2/10
Cliche upon cliche.
29 July 2000
The Perfect Storm is a cliche-fest. Familiar archetype characters speaking ridiculous dialogue of the melodramatic Soap Opera kind brought embarassingly to life through overwrought performances.

There's nothing subtle about THE PERFECT STORM. Characters and their relationships are about as subtle as a brick to the head: The gotta-win ship's captain; his condescending boss; the blue-collar couple struggling to make it (She: "I'm really gonna' give it a go this time!"); the hardy, salty & wise middle-aged female bar-owner [counterpart to TWISTER's old Aunt]; the fat chick familiarly defensive about her weight; the heartwarming sap of the non-custodial parent and his son; there's even a grizzled old fisherman barfly ("I remember when..." ). One wonders if director Wolfgang Peterson's understanding of english is so weak that he needed these characterization and dialogue overstatements to have felt that their message was getting across sufficiently.

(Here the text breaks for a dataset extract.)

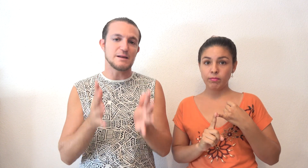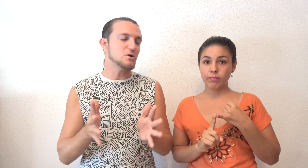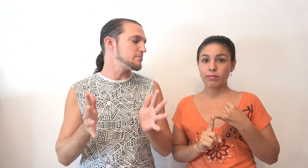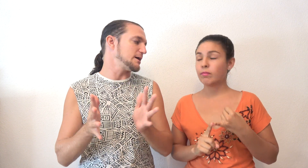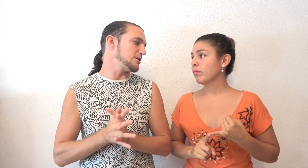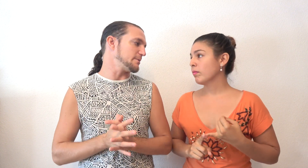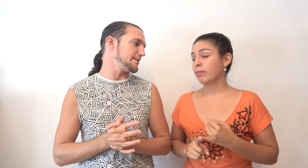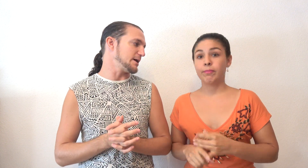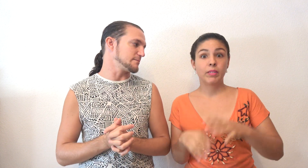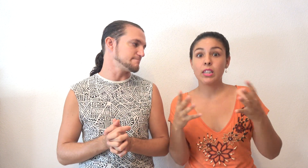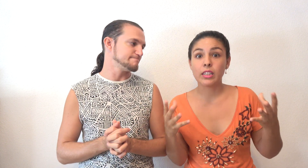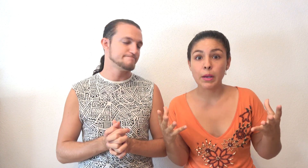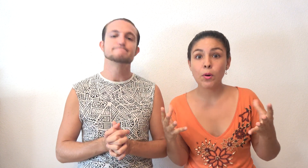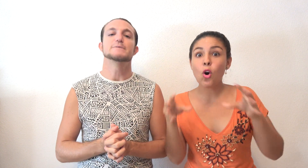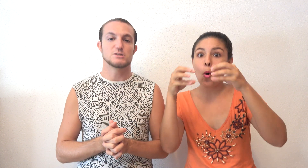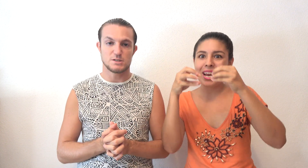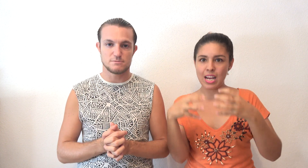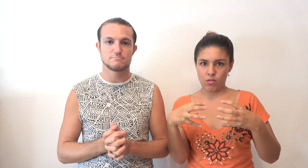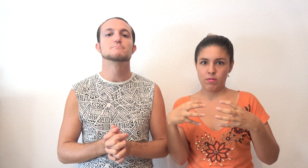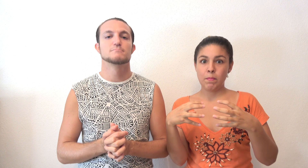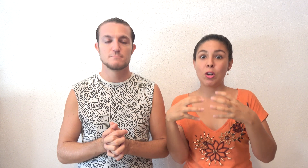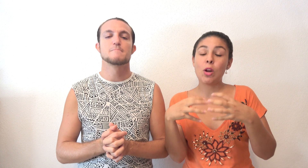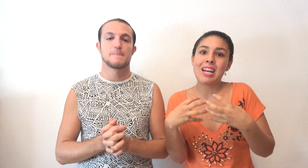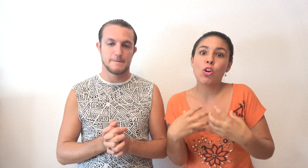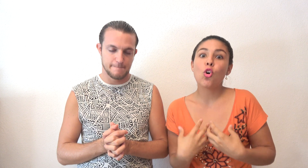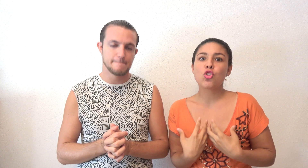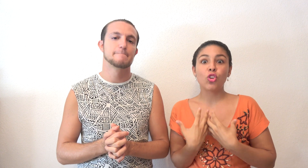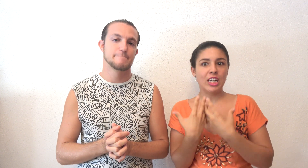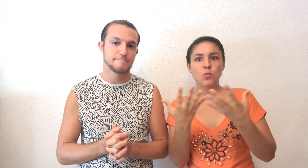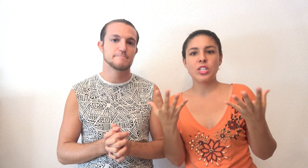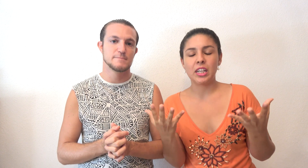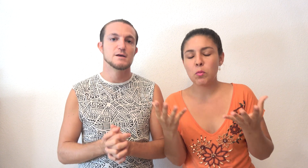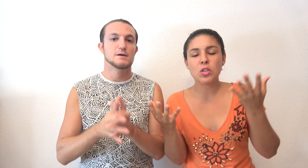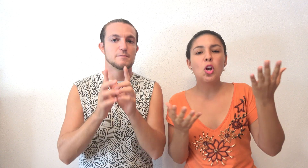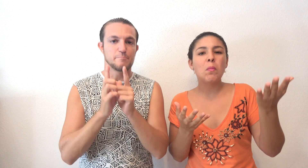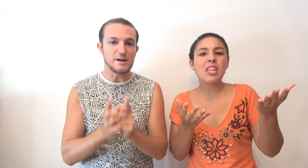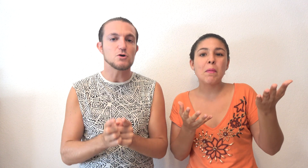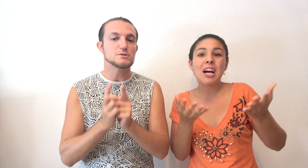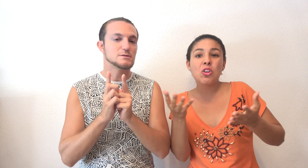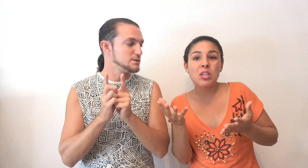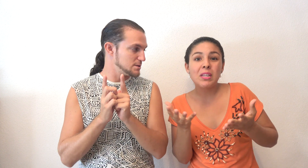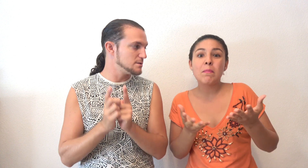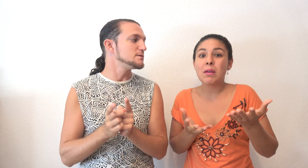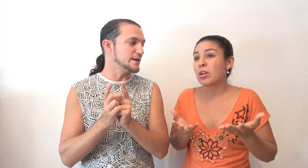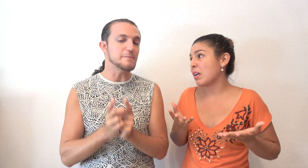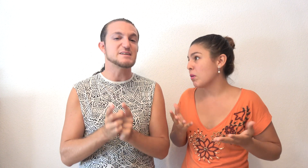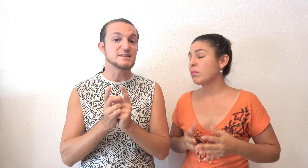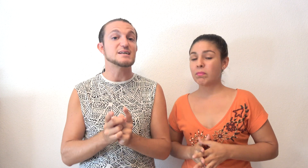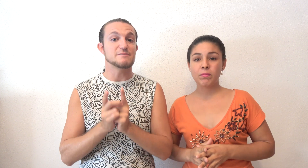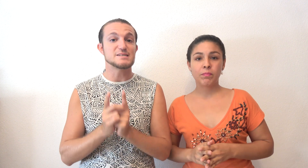la mejor época del año para viajar. Entre tiempo o verano. Pero claro, en verano os encontraréis mucha gente, pues los meses de mayo, septiembre... Tener presente que si vais

Clooney and Wahlberg give decent performances, but only because they don't "try" to act as much as the others. Actually, as the "fat chick" (Irene), Rusty Schwimmer is pretty good even though she's got stupid dialogue to trod through; in the end, she's the only one I cared anything about. But absolutely the WORST performance (and one of the most embarassing I've seen in recent years) is from Diane Lane as Wahlberg's girlfriend. For starters, she can't manage the accent (Wahlberg, from near Boston, gets sort of close but lacks the northern Massachusetts twang). And Lane gives it her "TV-acting" all: yelling her emotions to prove how strongly she feels, TRYING to convey a tough-gal swagger while drinking in the local bar. Embarassing. What's happened to acting in recent years? It seems someone is teaching "actors" (of the TV kind, mostly), to "demonstrate" every emotion and motivation visibly. I can hear the acting coach now: "Exaggerate the mime of your emotion, honey! Don't let anyone doubt what you're feeling. CONVEY!"

This was one of the few movies that while watching it I actually put my hand to my cheek and shook my head in disbelief (at how stupid it all was). And I swear I nearly laughed out loud during the sequence out in the storm when Clooney climbs out onto a boom of his ship to cut loose an anchor that's whipping around on it's chain and breaking things: Clooney clinging desperately to that boom in those churning waves reminded me of that old slapstick visual gag of some guy on the ladder of a firetruck as it races through a city, the swinging-to-and-fro ladder narrowly missing bridges and sides of buildings.

At least the effects looked pretty good, though they did have that "computer" look to them.